こうした独立後の活躍の中で、仙石氏の中に新たに芽生えたのが「真善美」という視点だ。「真」とは真理のことで「正しい本当のこと」。「善」は「善い行い」。そして「美」は「美的感覚」。それぞれ学問・道徳・芸術における三つの大きな価値概念であり、これらは相互に関係し「本当に正しいことは、美しく、善い行いである」という意味を成す。その中でも「善」は良心の表れであり、分け隔てない「絶対愛」を示す。「デザインは愛である」という嶋氏の哲学に影響を受けたこともあり、仙石氏は自身のデザインの根本を「愛」と考え、作品を通して全ての人に愛や幸せを届けようとしている。

さらに、その「愛」は作品だけでなく、クライアントに対する姿勢にも見て取れる。例えば「集客のためにチラシを作ってほしい」と依頼を受けた場合、チラシが正しいアプローチであれば効力を発揮し人を集めることができる。しかし、そうでないと判断した場合は、他の媒体提案を通して正しいアプローチへ導き、クライアントが求める結果に近づけるよう愛を持って対応する姿勢を貫いている。

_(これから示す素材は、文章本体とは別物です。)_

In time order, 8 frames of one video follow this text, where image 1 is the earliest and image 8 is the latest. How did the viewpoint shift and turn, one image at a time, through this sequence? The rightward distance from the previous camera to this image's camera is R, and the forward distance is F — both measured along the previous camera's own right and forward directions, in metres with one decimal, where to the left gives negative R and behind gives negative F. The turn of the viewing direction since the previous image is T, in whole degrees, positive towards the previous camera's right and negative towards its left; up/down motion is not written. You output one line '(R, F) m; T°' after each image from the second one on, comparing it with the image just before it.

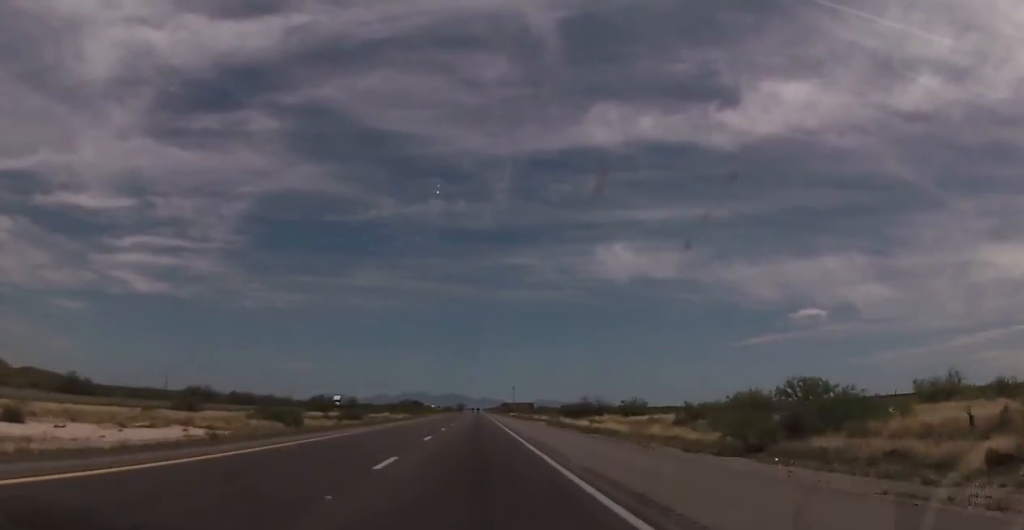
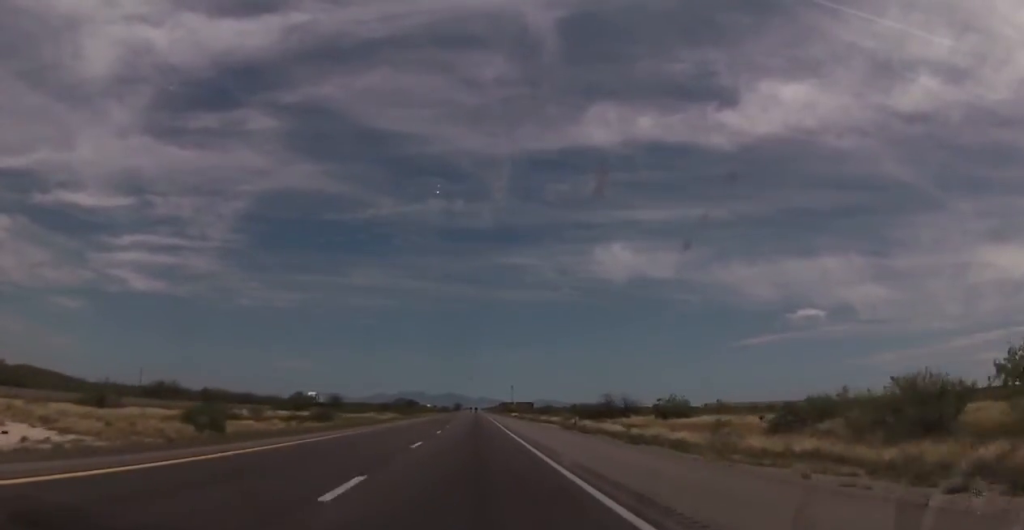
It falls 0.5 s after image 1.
(+0.2, +16.9) m; 0°
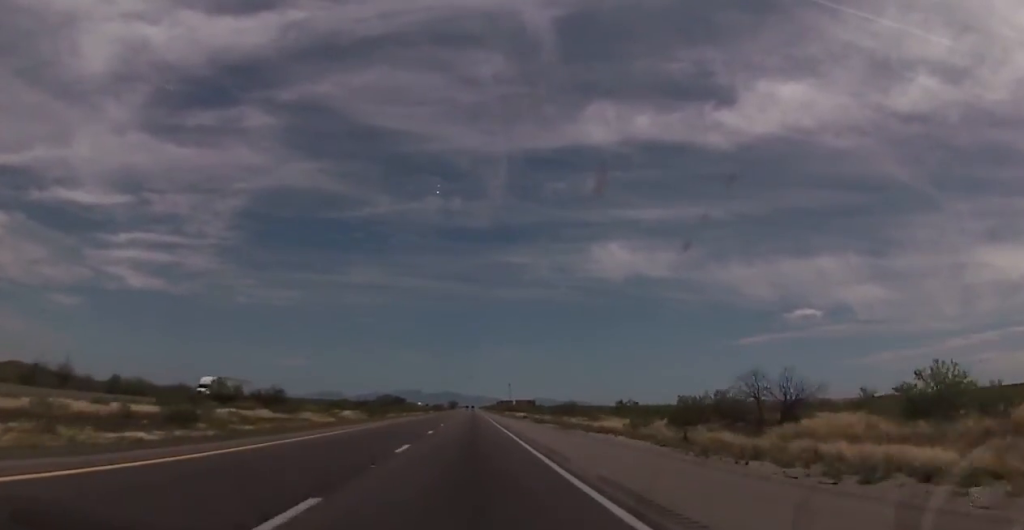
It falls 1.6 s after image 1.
(-0.2, +39.8) m; 0°
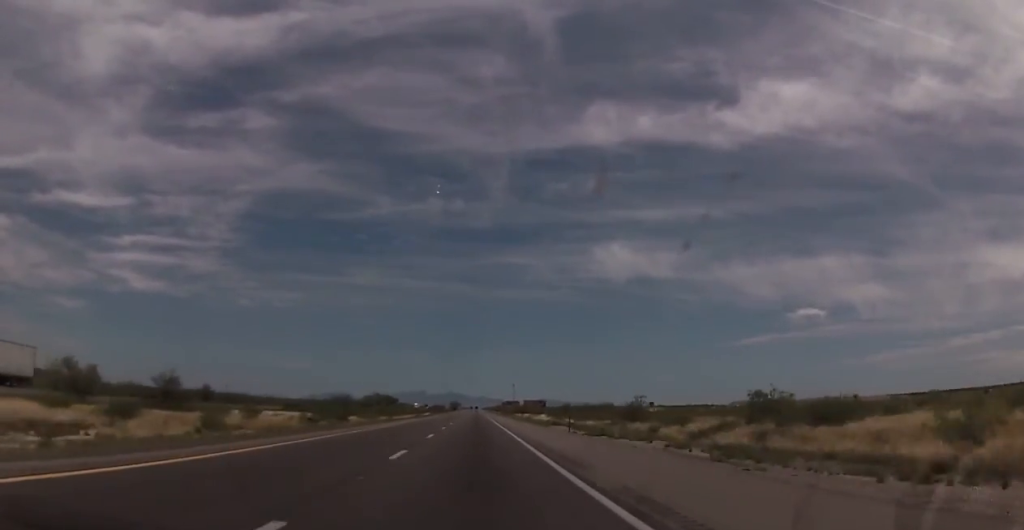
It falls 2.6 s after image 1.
(+0.3, +38.5) m; +1°
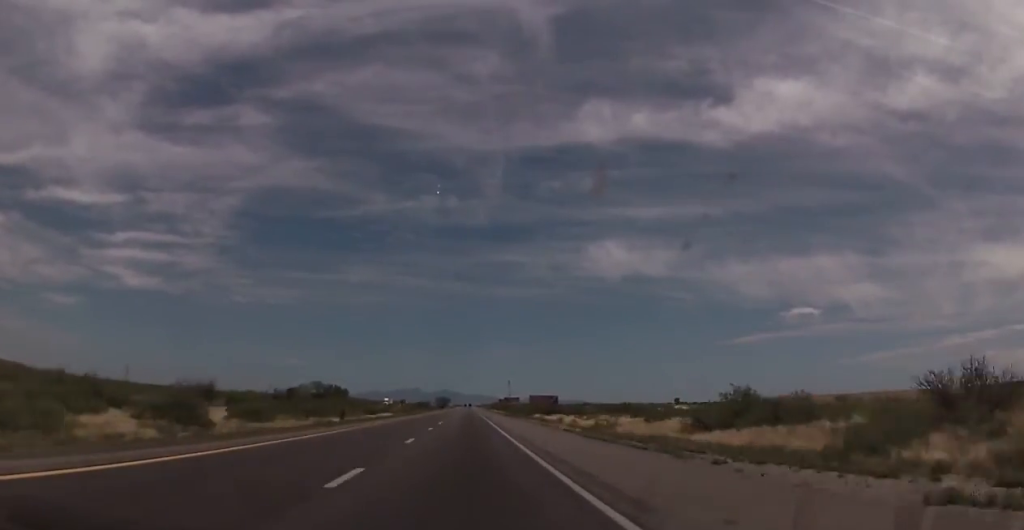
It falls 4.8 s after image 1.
(-1.0, +79.2) m; -1°
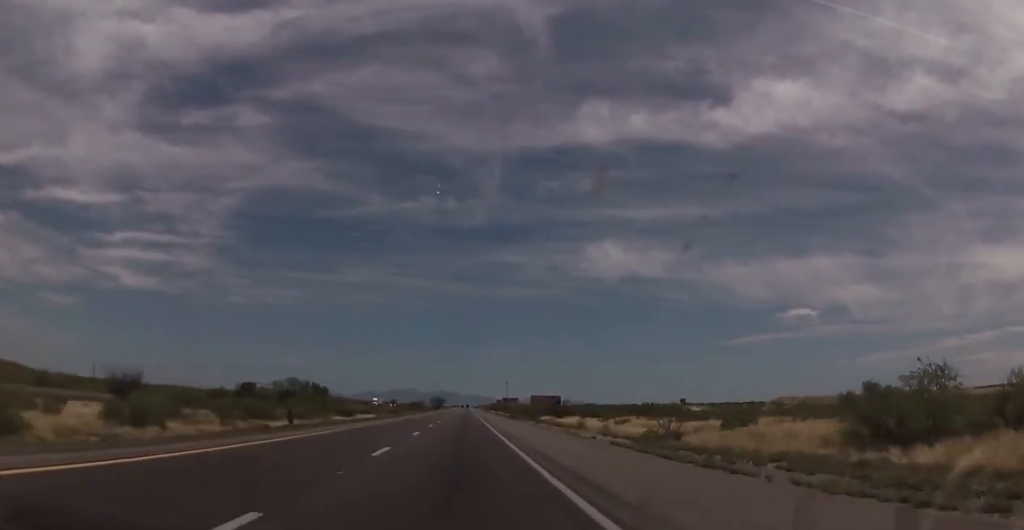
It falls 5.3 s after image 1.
(+0.3, +18.1) m; 0°
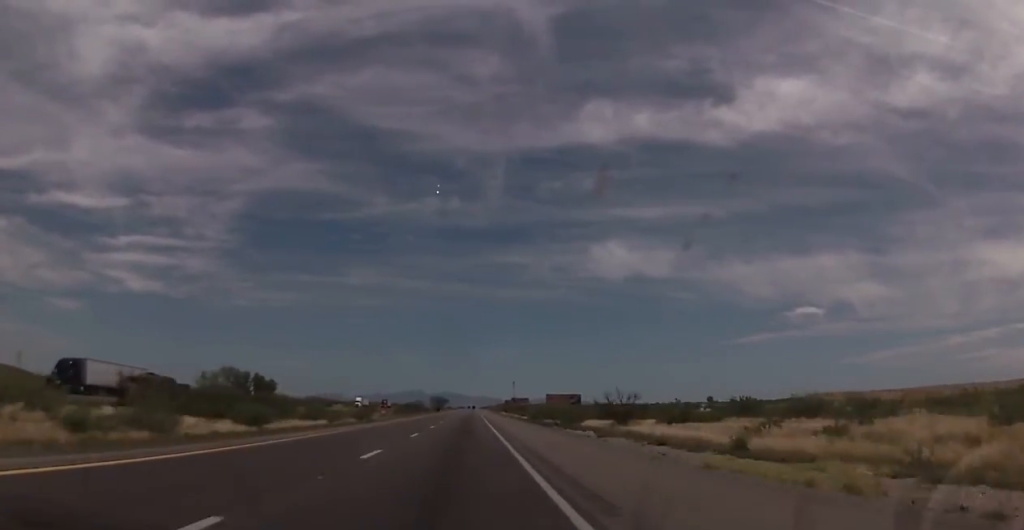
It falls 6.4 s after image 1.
(+0.3, +37.3) m; 0°
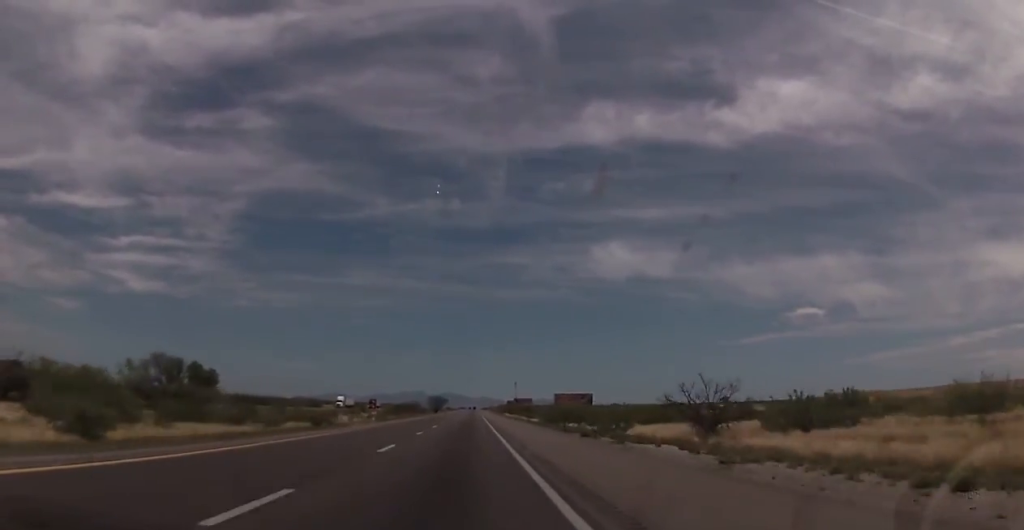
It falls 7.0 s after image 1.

サロンの終盤、会場から「嶋先生という偉大な師に対して、今、守破離のどの段階ですか?」との質問が寄せられた。これに対し仙石氏は「たぶん破と離の間くらい。つかず離れずちょうどいい関係を保っています」と自らを捉えつつ、「私は、他にも筋トレの師、美容の師……と周囲にたくさん師がいて、その一人ひとりとの間に守破離が存在するんです。こう考えると、普段の生活の中にも学びがたくさんありますよ」と語った。「守破離」を経て、「真善美」そして「愛」へと進化し続ける仙石氏。今後、作品がどのように変化するのか楽しみである。

イベント風景

イベント概要

デザインから教えてもらった学びの視点
クリエイティブサロン Vol.142 仙石吉徳氏

このサロンでは、私自身の学びの視点と最近の活動についてお話します。幼少期からの沢山の師と出会った経験と環境が私のベースをつくり、デザインへの哲学を作っていっています。阪急阪神東宝グループのデザイン会社で学んだモノづくりの舞台をはじめ、グラフィックデザイナー嶋高宏を師事し、学んだ哲学、デザイン協会での活動などの話を通して学びの視点についてお話しします。これからデザイナーを目指す人、デザイナーで独立したい人、企業の中でデザインという視点を持ちたい人の役に立てればと思います。

開催日:2018年1月17日(水)

仙石吉徳氏(せんごく よしとく)

SENGOKU DESIGN

SENGOKU DESIGN / アートディレクター、グラフィックデザイナー。島根県生まれ。戦国時代の武将 仙石秀久の子孫らしい。阪急阪神東宝グループのデザイン会社を退社後、独立。現在はブランディング・ロゴマーク・パッケージ・広告・展示会などのブースデザインを中心に活動を行っています。すべてのデザインコンセプト(哲学)は「Peace(ピース)」。Peaceとは「愛と優しさ」であり、それを具現化するのがデザインだと考えています。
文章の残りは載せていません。